Bizim evlatlarımız , sizin fil sahanızda daha ne kadar çimen olmaya devam edecek?

Tuğrul Paşa
09-30-2011, 13:42
Türkiye'de büyük bir çoğunluk mutsuz ve umutsuz...

Sorunlar kısır döngü içinde taça atılıyor.Sorun çözmek bir yana, her geçen gün sorunlar büyüyüp insanlar daha da huzursuz bir hale geliyor.Hiç kimse bu vb sorunların çözülmesini istemiyor gibi bir görüntü daha fazla resmedilmekte...

Son 30 yılda her sınıfın kendine has özelliklerini barındıran ideolojik ve rant içeren yeni yeni Ruhban sınıfları icat ediliyor.Kimse bunun farkında değil ama sade masum vatandaş artık bunun cidden farkında olduğu gibi dünden daha fazla bugün sorguluyor...
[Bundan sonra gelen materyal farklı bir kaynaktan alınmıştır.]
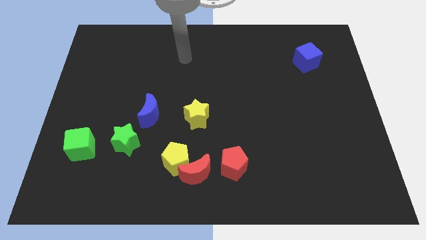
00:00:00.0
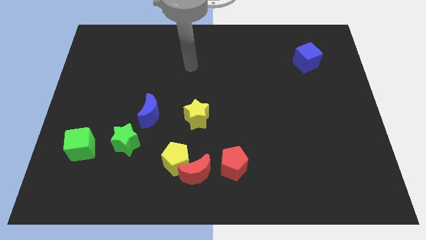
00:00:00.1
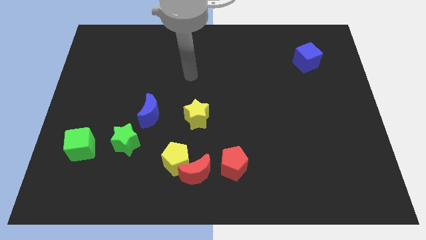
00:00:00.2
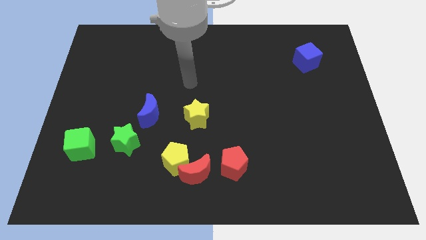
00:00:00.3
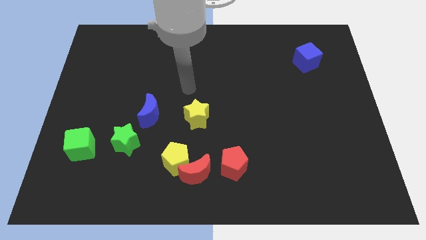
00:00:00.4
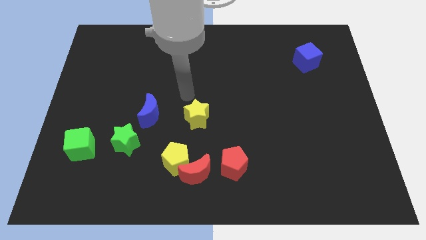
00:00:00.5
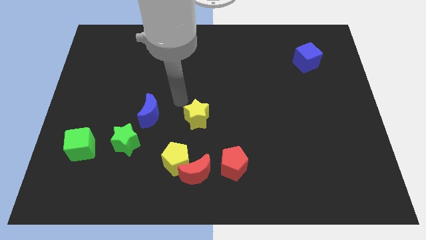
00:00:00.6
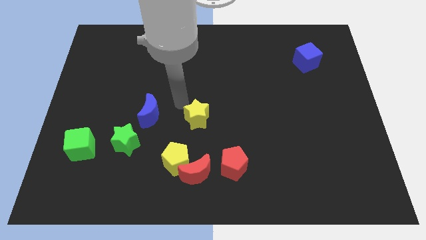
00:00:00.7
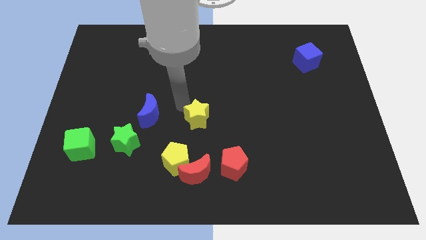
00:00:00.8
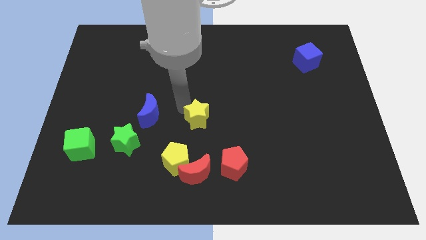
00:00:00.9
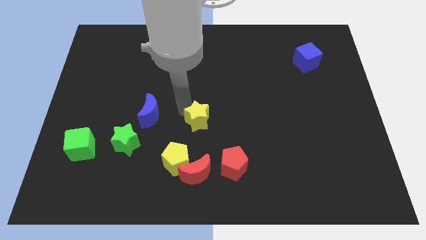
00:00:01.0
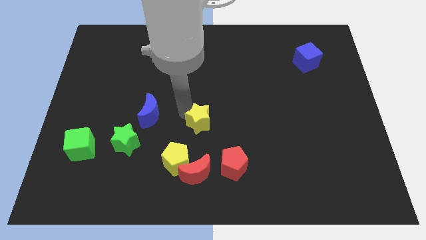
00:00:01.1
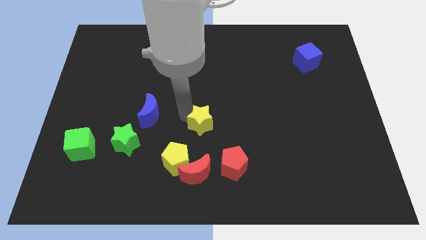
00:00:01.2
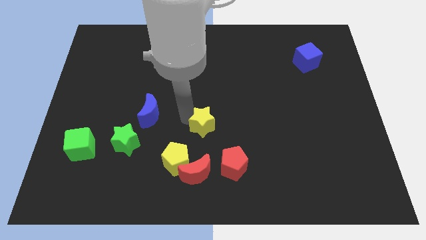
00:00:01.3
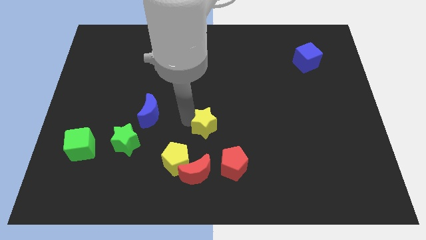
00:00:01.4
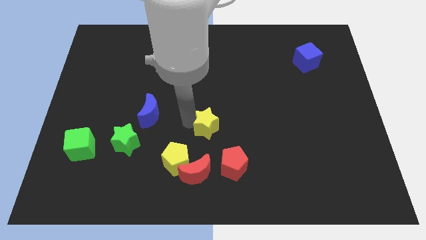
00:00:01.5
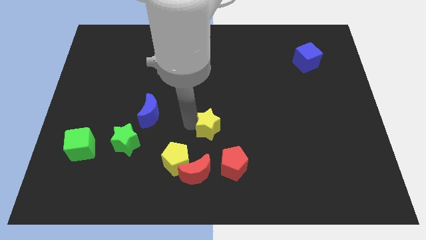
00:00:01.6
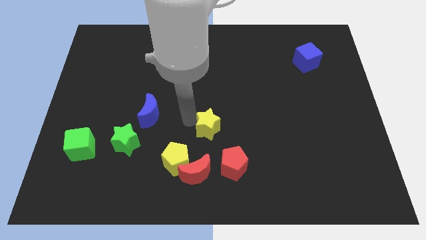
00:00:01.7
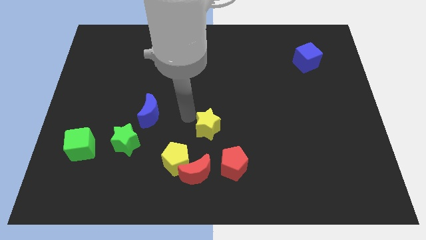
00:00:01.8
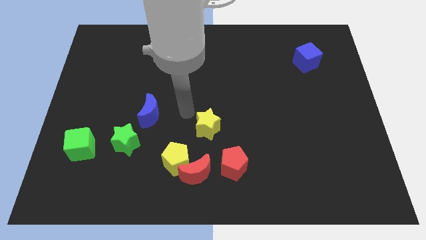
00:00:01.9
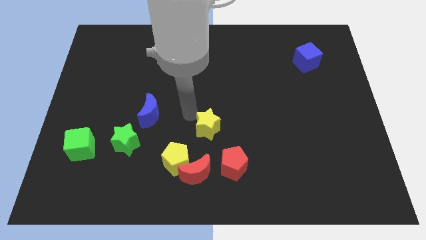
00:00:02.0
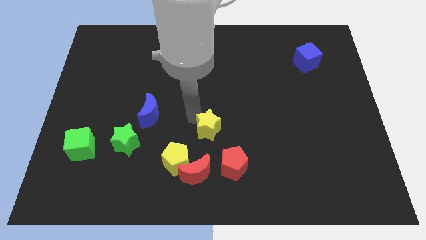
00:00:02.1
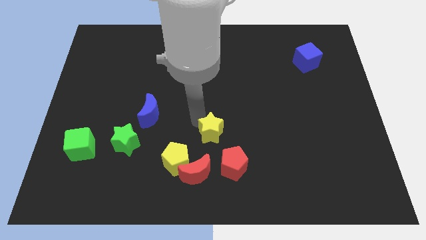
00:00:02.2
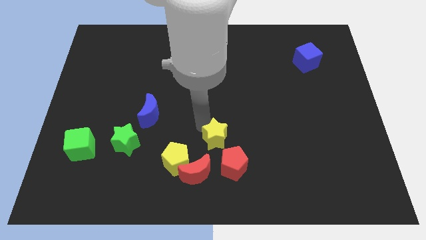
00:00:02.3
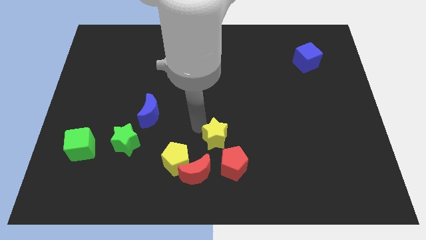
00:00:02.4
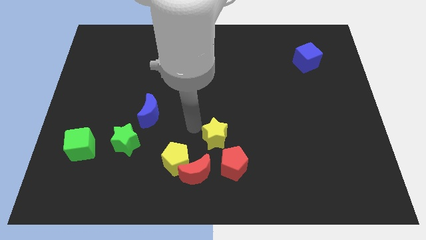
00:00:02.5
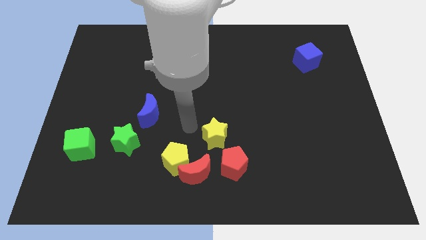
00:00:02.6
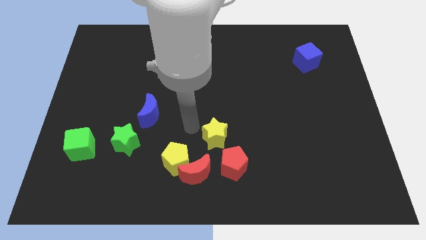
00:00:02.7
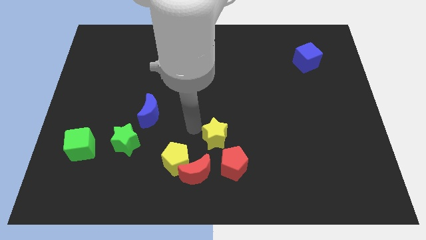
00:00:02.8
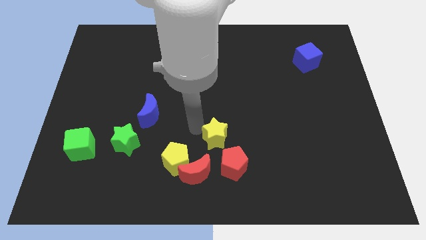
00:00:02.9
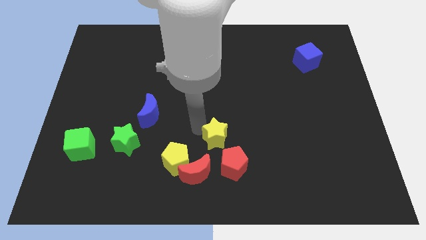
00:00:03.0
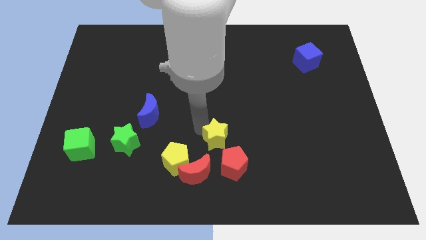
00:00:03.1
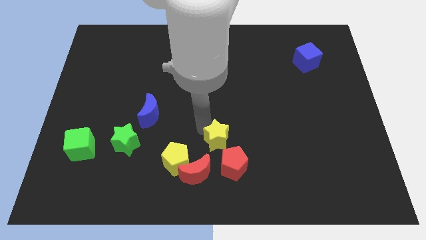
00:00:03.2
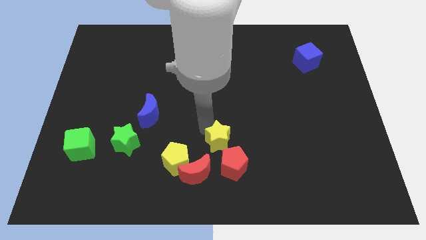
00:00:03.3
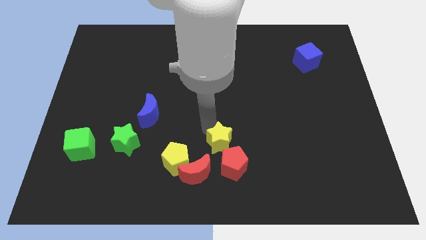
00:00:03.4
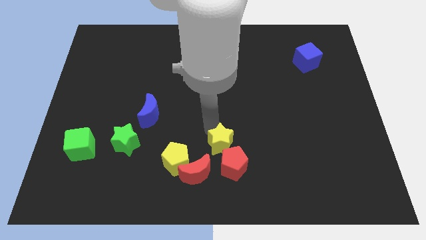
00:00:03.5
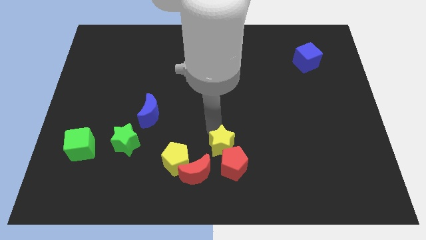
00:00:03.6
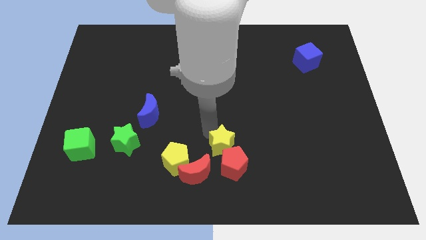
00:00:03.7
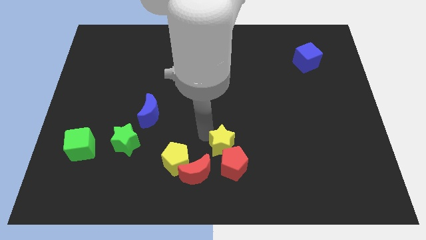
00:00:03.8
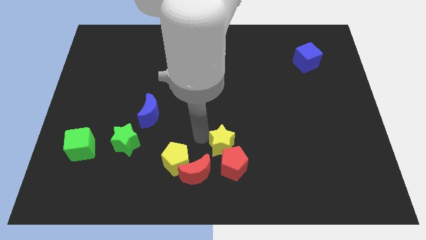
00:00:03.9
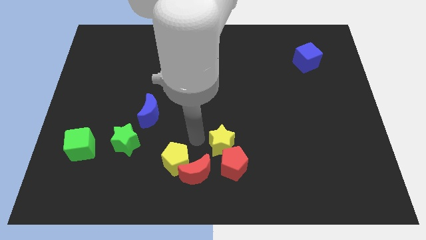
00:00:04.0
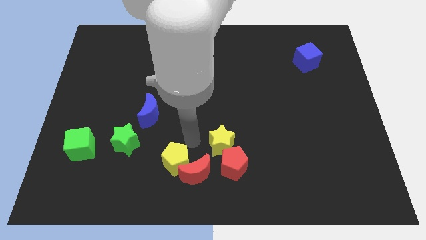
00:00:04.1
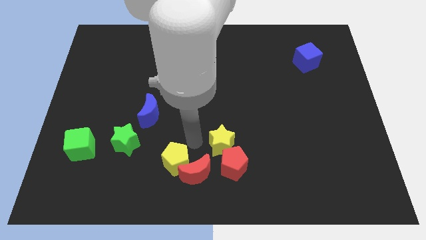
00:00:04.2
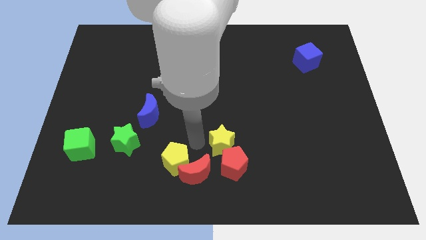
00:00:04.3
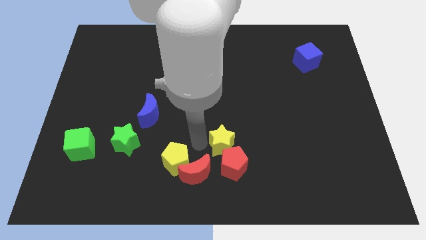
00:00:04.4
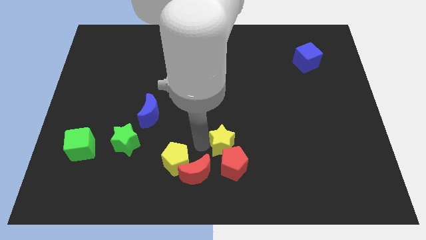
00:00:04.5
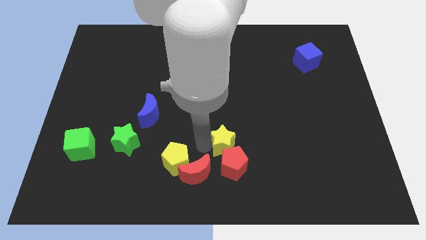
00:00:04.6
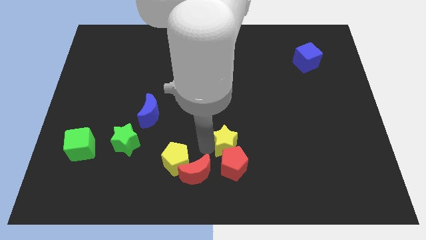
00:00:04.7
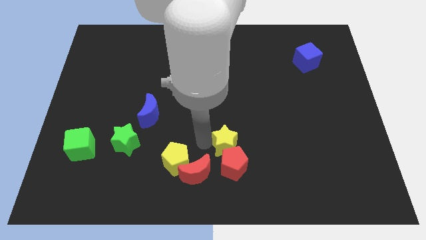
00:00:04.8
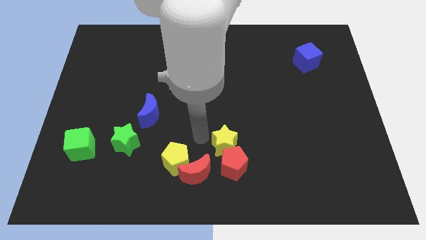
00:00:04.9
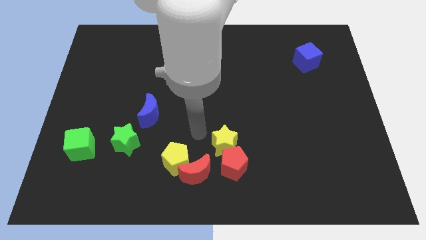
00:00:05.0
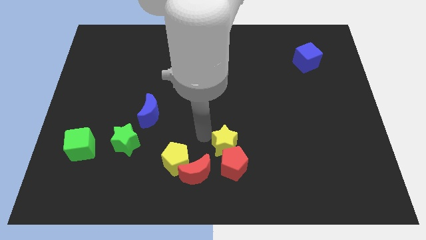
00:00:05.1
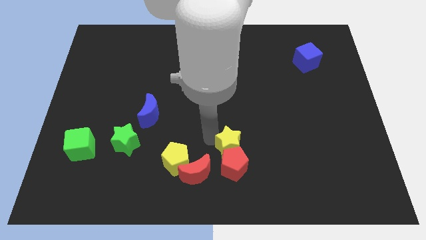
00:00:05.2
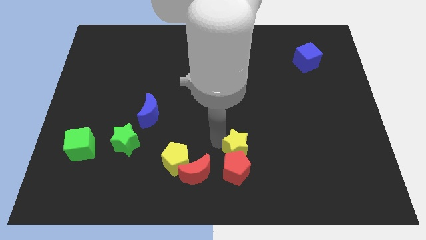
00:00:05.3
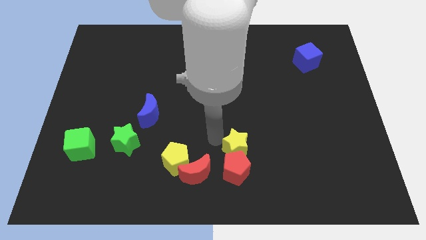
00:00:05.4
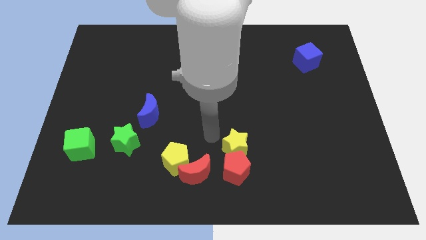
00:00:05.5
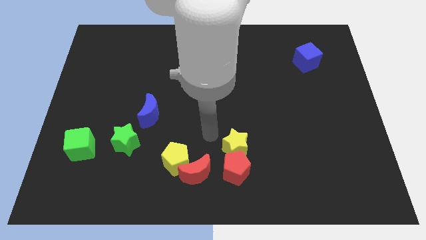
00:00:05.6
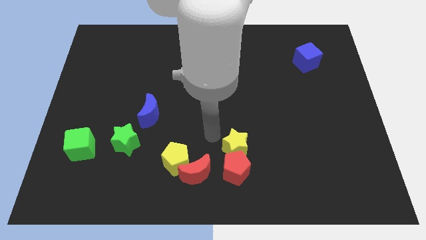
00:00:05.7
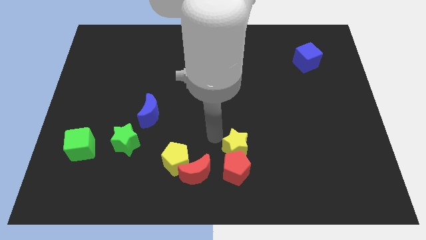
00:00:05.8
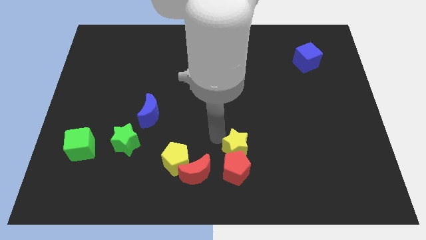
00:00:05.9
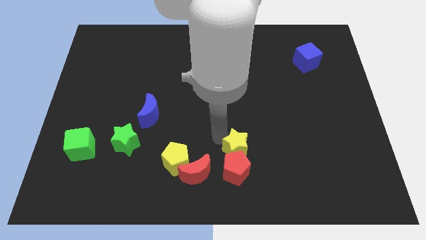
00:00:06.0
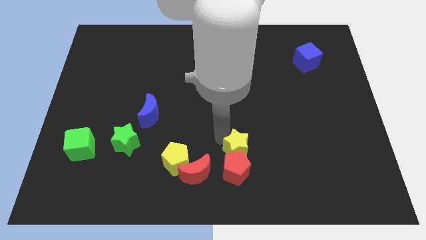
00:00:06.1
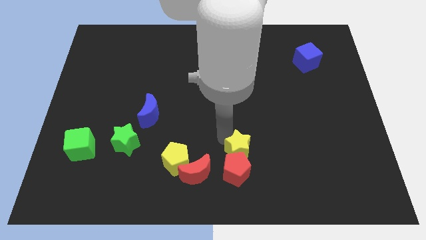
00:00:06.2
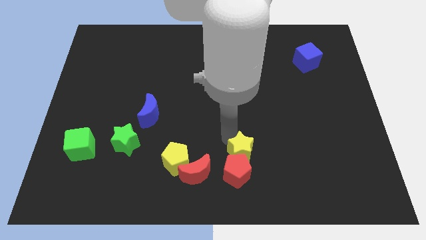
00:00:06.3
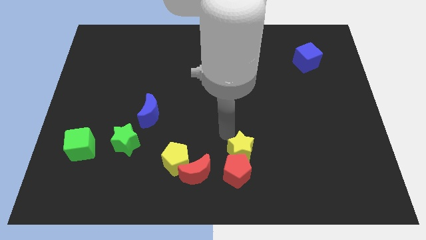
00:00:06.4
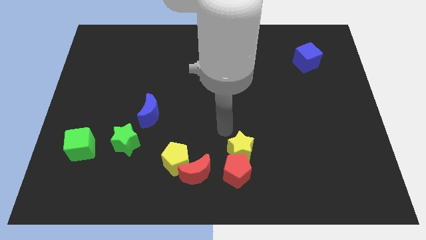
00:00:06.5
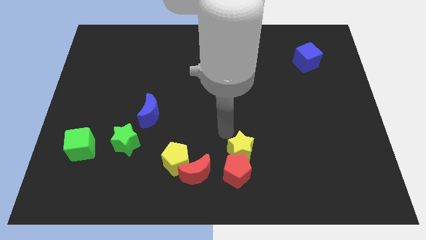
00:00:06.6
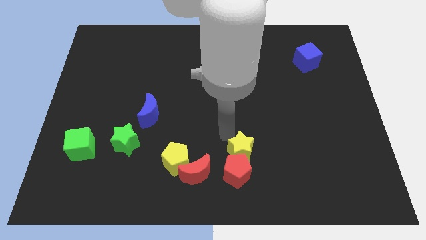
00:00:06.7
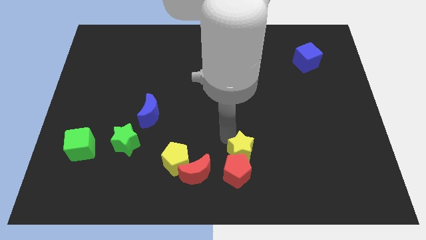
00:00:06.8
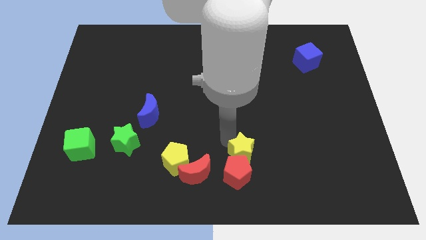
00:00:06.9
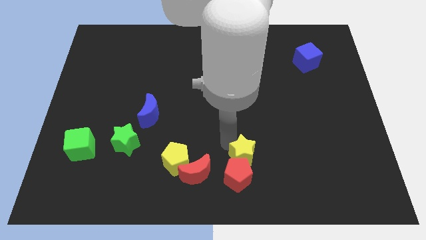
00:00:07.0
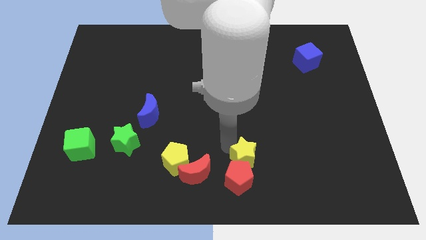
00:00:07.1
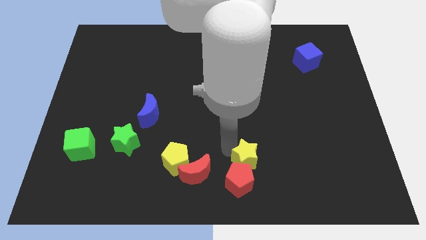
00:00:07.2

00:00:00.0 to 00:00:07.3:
move the yellow star to the bottom

Beyaz Türkler; Cumhuriyetin kuruluşundan önce başlayıp bu güne bile taşıdıkları Ruhban sınıfları sayesinde siyasi iktidar ve paraya kavuşup her daim gücü ellerinde tutmayı kısmen başarabildiler.Bu gün ise hala perdenin arkasında bu güçlerini ısrarla devam ettirip başka bir sınıfa güçlerini hala devretmişler değil...
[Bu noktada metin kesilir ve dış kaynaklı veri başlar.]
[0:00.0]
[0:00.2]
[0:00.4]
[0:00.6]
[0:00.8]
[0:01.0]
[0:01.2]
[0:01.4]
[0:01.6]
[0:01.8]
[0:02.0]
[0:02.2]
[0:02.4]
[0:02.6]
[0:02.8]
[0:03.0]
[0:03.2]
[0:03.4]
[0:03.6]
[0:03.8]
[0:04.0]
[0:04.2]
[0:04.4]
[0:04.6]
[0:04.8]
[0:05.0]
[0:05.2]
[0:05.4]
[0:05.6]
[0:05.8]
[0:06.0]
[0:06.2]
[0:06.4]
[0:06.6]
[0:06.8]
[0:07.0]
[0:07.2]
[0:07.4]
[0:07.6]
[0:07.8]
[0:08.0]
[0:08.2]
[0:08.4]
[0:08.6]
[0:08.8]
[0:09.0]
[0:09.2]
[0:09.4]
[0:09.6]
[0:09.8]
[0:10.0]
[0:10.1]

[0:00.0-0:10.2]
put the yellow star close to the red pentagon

Beyaz Kürtler; Masum halkların sanki bir tek kendi sınıfları Cumhuriyet döneminde baskı ve zulüm gördükleri iddiasıyla mağdur politikaların sayesinde bir takım yeni kavramları icat ederek onlarda bambaşka Ruhban sınıfları tahsis ettiler. Oligarşik Kemalist Burjuva ile kah antlaşma yaparak, kah gizli ittifaklar yaparak masum ve mağdur Kürt milletinin hakları üzerinden kendilerine devasa siyasi ve ticari egemenlik kurmak suretiyle geçmişin güya intikamını alırcasına doymak bilmeden rant ve paraya kavuşturdular...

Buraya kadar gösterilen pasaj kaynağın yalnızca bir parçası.